Unless we learn that there are these behavior patterns within us to which we must learn to give play instinctively, we will do harm.
We have to think in terms of excessive control, like excessive tension, has its price. That does not mean that we have got to have chaos in our lives, but what I want to try and make you think is that there is a norm, there is a medium line; in other words, not only two extremes. There is a happy medium. So we must not have excessive control; neither must we have excessive tension. The first thing to letting go, to relax, to become creative, is the readiness to do nothing.

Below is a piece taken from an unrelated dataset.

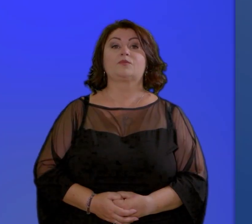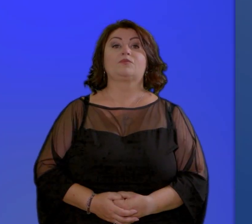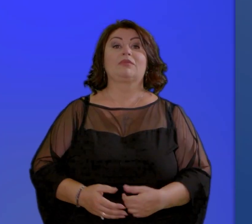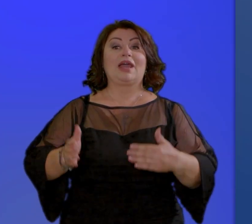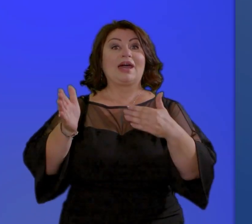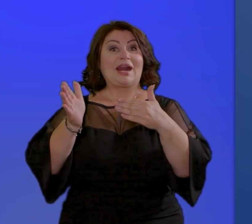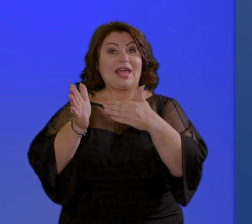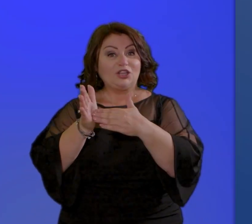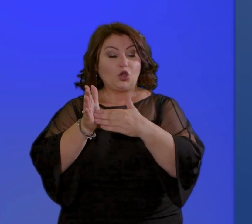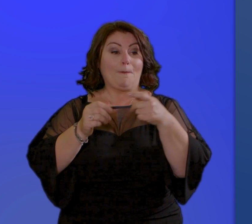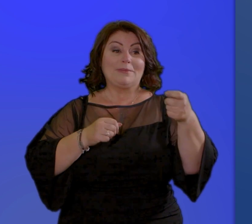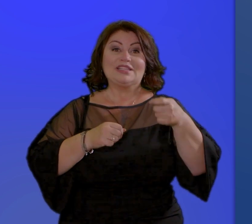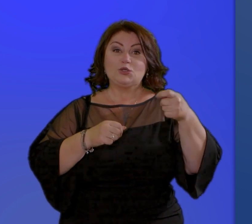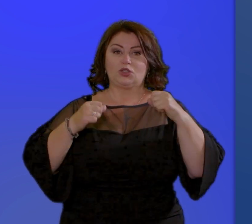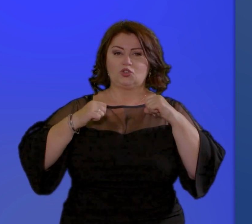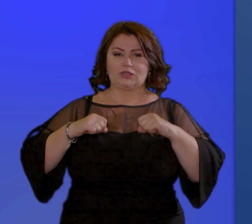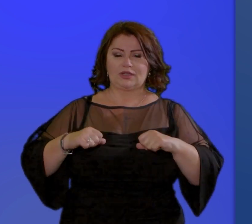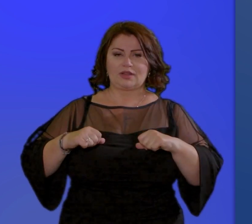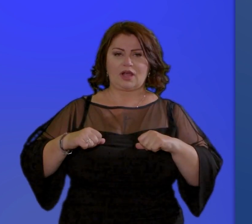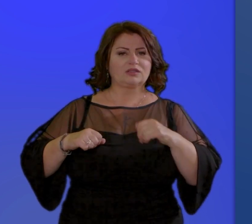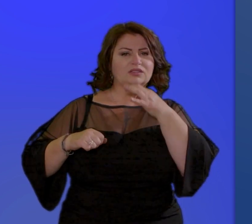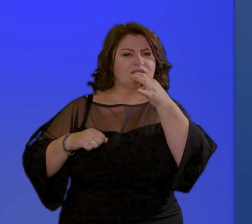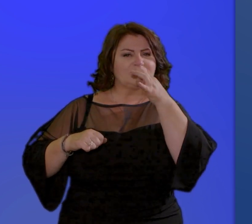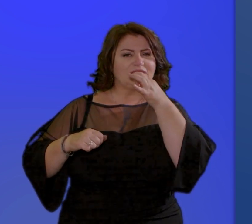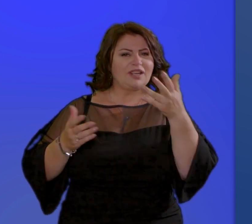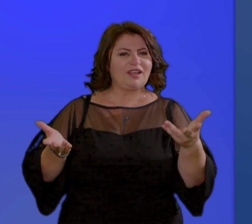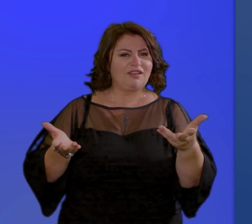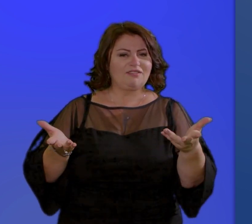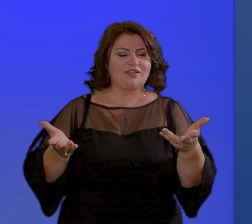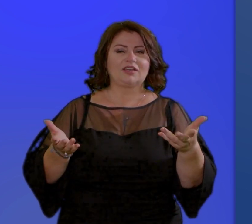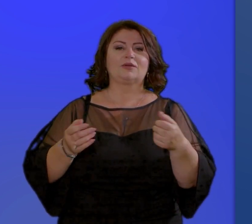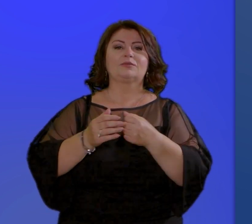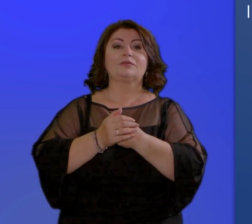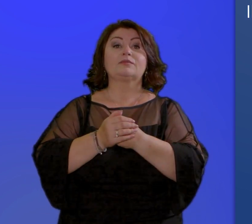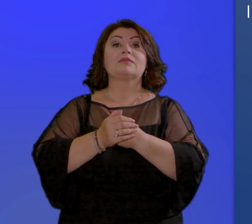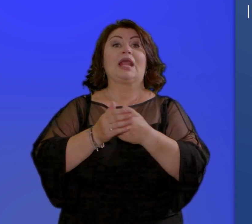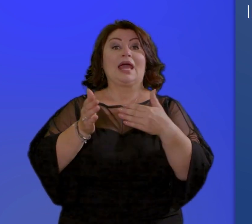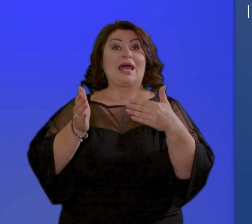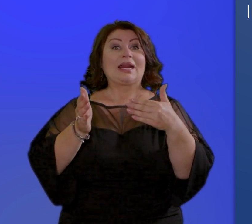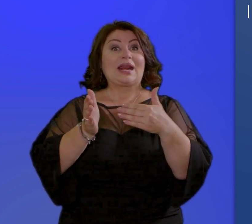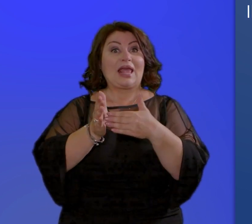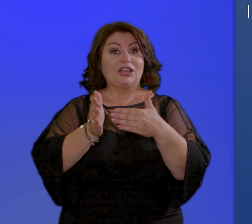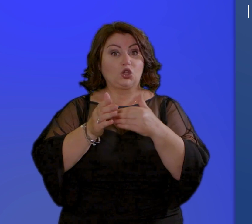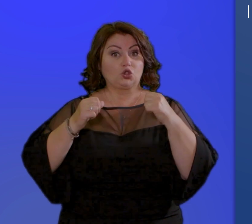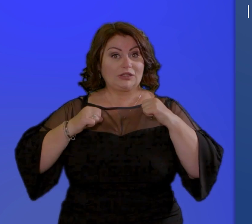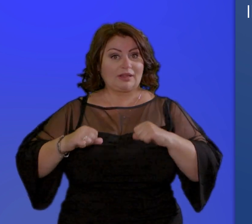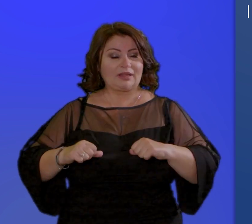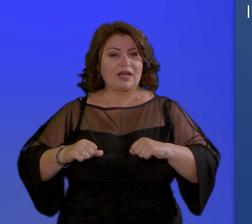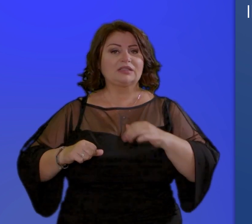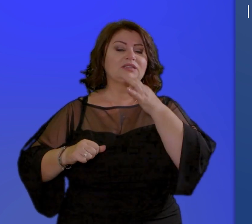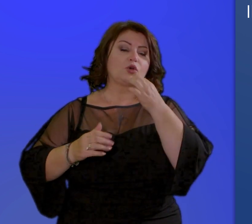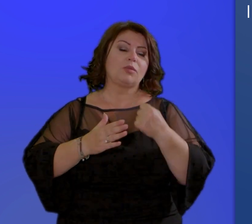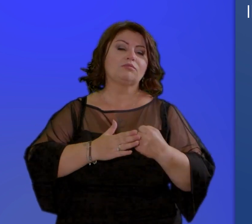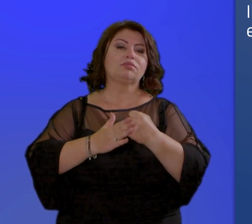reddito e pensione di cittadinanza cos'è il reddito di cittadinanza è un

Many people when they come to Shalimar and I tell them that they have got to fast, they ask, “What am I going to do when I fast?”
I say, “Well, you are going to do almost nothing.”
“Oh, I am going to explode! I must have activity, I must be active and agitated all the time, my brain cannot just look at myself. Look, unless you keep me busy I don’t know what I am going to do.”
I say, “Look, this is the reason why you need to fast, you need to come in contact with yourself; you are afraid to be in the same room with yourself, so therefore you have brought your work, your activity, your friends, your telephone calls, your correspondence — everything that will keep you apart from yourself. Now is your chance to forgo all this. When you are fasting, learn to know yourself; learn to come in contact with your body; learn to appreciate its beauty; learn to appreciate its needs; learn to appreciate its creativity; learn to appreciate its desires; learn to appreciate its warmth; learn to appreciate its way of expression.”
And they look at me and say, “Well, either I am crazy or he has gone crazy.” But somehow they start putting it into practice and they say to me afterwards, “You know, I never thought that I could be at such peace with myself.” Now, to me, that is a great compliment because it means you have found yourself; that means you have created a human being to be reborn within yourself again. This is the purpose also of fasting.
So, if you are a workaholic, if you find that your life consists of nothing but work, work, work, then it is time that you took hold of yourself and said, “Well, what is it? Is it me working or is it because I want to escape from myself that I am putting work between me and myself?” Thus what you call this line of demarcation is to be cut away. When this line of demarcation is destroyed, when the horse and the rider, as it were, become one, it is then that the process of riding is observed by the spectators, who say how wonderful that movement is. And this is what we have to create in our lives and this is what we have to find in our lives — how the horse and the rider become one so that riding becomes automatic. And this can only happen if we begin to put away all these things — our work, our attitude towards work, and the way we do our work.
I think when we start thinking in terms that the world does not run on ourselves, that there are many other people who will still do the work, it is then that we will have the creative pause in our lives that is needed. A poet has said that it is essential for man to find time to sit and stand and stare, and that is important. It is just as important a part of Natural Hygiene as anything else. Fools burn lamps during the day. At night they wonder why they have no light.
This article is excerpted from Dr. Keki Sidhwa’s lecture at the 1976 ANHS Conference held at the University of Wisconsin, Milwaukee, Wisconsin.